A Complete Anytime Algorithm for Treewidth

TL;DR

This paper introduces QuickBB, a novel branch and bound algorithm for computing graph treewidth that outperforms previous methods in efficiency and provides better bounds, especially on complex graphs.

Contribution

The paper presents a new algorithm called QuickBB with innovative pruning and propagation techniques, and a new lower bound method called minor-min-width, advancing treewidth computation.

Findings

QuickBB outperforms existing algorithms in CPU time on benchmark graphs.

QuickBB provides improved upper bounds on treewidth for complex graphs.

The minor-min-width lower bound enhances the efficiency of the branch and bound process.

Abstract

In this paper, we present a Branch and Bound algorithm called QuickBB for computing the treewidth of an undirected graph. This algorithm performs a search in the space of perfect elimination ordering of vertices of the graph. The algorithm uses novel pruning and propagation techniques which are derived from the theory of graph minors and graph isomorphism.
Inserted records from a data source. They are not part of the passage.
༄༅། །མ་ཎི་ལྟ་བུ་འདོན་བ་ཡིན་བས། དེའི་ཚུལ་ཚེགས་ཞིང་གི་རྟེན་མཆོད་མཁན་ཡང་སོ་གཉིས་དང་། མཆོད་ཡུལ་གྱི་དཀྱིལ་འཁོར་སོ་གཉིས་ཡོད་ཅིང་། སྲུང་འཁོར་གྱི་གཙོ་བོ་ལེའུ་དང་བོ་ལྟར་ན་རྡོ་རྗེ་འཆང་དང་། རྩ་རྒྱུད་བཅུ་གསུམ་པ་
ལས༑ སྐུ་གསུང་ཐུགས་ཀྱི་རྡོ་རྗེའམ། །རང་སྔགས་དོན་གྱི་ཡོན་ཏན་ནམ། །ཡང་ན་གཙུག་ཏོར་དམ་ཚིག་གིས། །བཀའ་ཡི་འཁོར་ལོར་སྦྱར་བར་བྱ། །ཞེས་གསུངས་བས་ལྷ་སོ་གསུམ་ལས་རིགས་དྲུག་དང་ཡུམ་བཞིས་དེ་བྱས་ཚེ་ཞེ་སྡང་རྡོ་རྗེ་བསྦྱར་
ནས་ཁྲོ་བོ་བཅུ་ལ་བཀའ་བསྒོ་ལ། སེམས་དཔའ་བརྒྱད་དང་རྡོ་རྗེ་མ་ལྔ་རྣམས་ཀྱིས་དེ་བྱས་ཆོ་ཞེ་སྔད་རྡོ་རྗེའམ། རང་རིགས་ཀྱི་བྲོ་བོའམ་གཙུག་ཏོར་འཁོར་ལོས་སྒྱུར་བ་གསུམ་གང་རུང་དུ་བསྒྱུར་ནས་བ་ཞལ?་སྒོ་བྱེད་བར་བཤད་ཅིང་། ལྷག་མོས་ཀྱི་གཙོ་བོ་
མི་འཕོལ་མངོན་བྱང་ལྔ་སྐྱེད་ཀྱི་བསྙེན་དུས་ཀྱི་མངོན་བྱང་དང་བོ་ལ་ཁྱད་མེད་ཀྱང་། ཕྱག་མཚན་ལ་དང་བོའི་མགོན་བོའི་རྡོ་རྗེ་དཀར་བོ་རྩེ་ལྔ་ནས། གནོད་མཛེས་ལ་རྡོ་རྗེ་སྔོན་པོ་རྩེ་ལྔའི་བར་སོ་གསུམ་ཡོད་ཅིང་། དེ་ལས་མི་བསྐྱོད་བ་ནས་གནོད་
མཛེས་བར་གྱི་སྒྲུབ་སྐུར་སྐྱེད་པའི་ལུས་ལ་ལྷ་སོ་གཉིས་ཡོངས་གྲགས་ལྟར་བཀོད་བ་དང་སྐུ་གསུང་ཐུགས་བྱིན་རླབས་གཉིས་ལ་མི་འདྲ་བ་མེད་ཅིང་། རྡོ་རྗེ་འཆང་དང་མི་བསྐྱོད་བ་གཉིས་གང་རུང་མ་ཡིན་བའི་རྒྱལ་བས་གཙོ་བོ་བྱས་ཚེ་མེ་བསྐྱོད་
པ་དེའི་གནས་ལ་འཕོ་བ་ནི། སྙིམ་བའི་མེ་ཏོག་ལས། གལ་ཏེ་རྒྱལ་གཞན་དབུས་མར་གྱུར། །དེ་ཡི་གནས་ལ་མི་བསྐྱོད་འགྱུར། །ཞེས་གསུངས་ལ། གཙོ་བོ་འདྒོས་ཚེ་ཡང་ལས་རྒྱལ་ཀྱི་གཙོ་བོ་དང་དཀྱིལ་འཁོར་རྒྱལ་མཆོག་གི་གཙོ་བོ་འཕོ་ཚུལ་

We present a new algorithm called minor-min-width for computing a lower bound on treewidth that is used within the branch and bound algorithm and which improves over earlier available lower bounds. Empirical evaluation of QuickBB on randomly generated graphs and benchmarks in Graph Coloring and Bayesian Networks shows that it is consistently better than complete algorithms like QuickTree [Shoikhet and Geiger, 1997] in terms of cpu time. QuickBB also has good anytime performance, being able to generate a better upper bound on treewidth of some graphs whose optimal treewidth could not be computed up to now.